One of the Trump administration's biggest environmental reversals turned into something of a bust Wednesday. A long-awaited oil lease sale in Alaska's Arctic National Wildlife Refuge attracted little interest, with no major oil companies submitting offers.
Instead, Alaska's state-owned economic development corporation was the only bidder on about 10 oil leases in the northernmost piece of the refuge, called the coastal plain. Two small companies also submitted bids. Some areas drew no offers at all.
The sale generated about $14.4 million, said Kate MacGregor, deputy secretary at the U.S. Department of the Interior, in a live broadcast after the bids were read. That's a small fraction of what the sale was projected to raise.
It's a striking moment in a 40-year battle over whether to drill for oil in one of the country's most pristine stretches of land. The refuge is home to migrating caribou and birds, and an important habitat for polar bears.
Environmentalists and other drilling opponents have led an aggressive campaign to try to keep companies out of the refuge. A number of major banks say they won't fund oil projects in the Arctic.
Opponents have also filed multiple lawsuits seeking to block drilling.
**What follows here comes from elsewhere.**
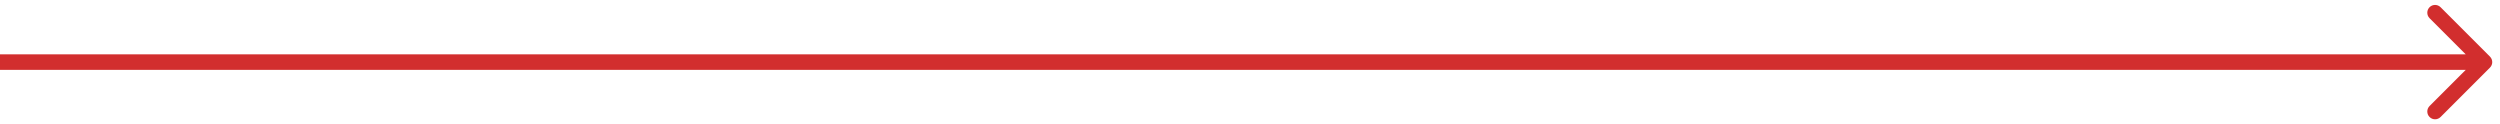 <?xml version="1.0" encoding="UTF-8"?> <svg xmlns="http://www.w3.org/2000/svg" width="161" height="8" viewBox="0 0 161 8" fill="none"><path d="M160.354 4.354C160.549 4.158 160.549 3.842 160.354 3.646L157.172 0.464C156.976 0.269 156.66 0.269 156.464 0.464C156.269 0.66 156.269 0.976 156.464 1.172L159.293 4L156.464 6.828C156.269 7.024 156.269 7.34 156.464 7.536C156.66 7.731 156.976 7.731 157.172 7.536L160.354 4.354ZM0 4V4.5H160V4V3.5H0V4Z" fill="#D22E2E"></path></svg>

They've raised concerns about its impacts on Indigenous people, the global climate and wildlife, including the caribou that give birth in the coastal plain and the polar bears that den there. Even if leases are sold, legal experts say it's possible that courts could later cancel them.
Normally it would take about two months to finalize leases. But the Bureau of Land Management is expected to rush to issue them formally before President Trump leaves office in two weeks.
Even if it succeeds, continued oil leasing and drilling in the refuge will face headwinds, says U.S. Rep. Jared Huffman, D-Calif., a longtime drilling opponent.
"With the change of administrations and the outcome of the Senate races, we've got a real opportunity to rein this in, and I'm going to be doing everything I can to make that happen," he said in an interview.
The lease sale stems from a tax law passed by a Republican-led Congress in 2017.
The bill opened the coastal plain to drilling after decades of debate and ordered two lease sales, with the revenue aimed at offsetting massive tax cuts. But the amount raised is nowhere near what was projected.
The law mandates the second sale by the end of 2024, posing another challenge during Joe Biden's term. Congress would have to pass a law to undo that part of the tax act if it doesn't want to follow through.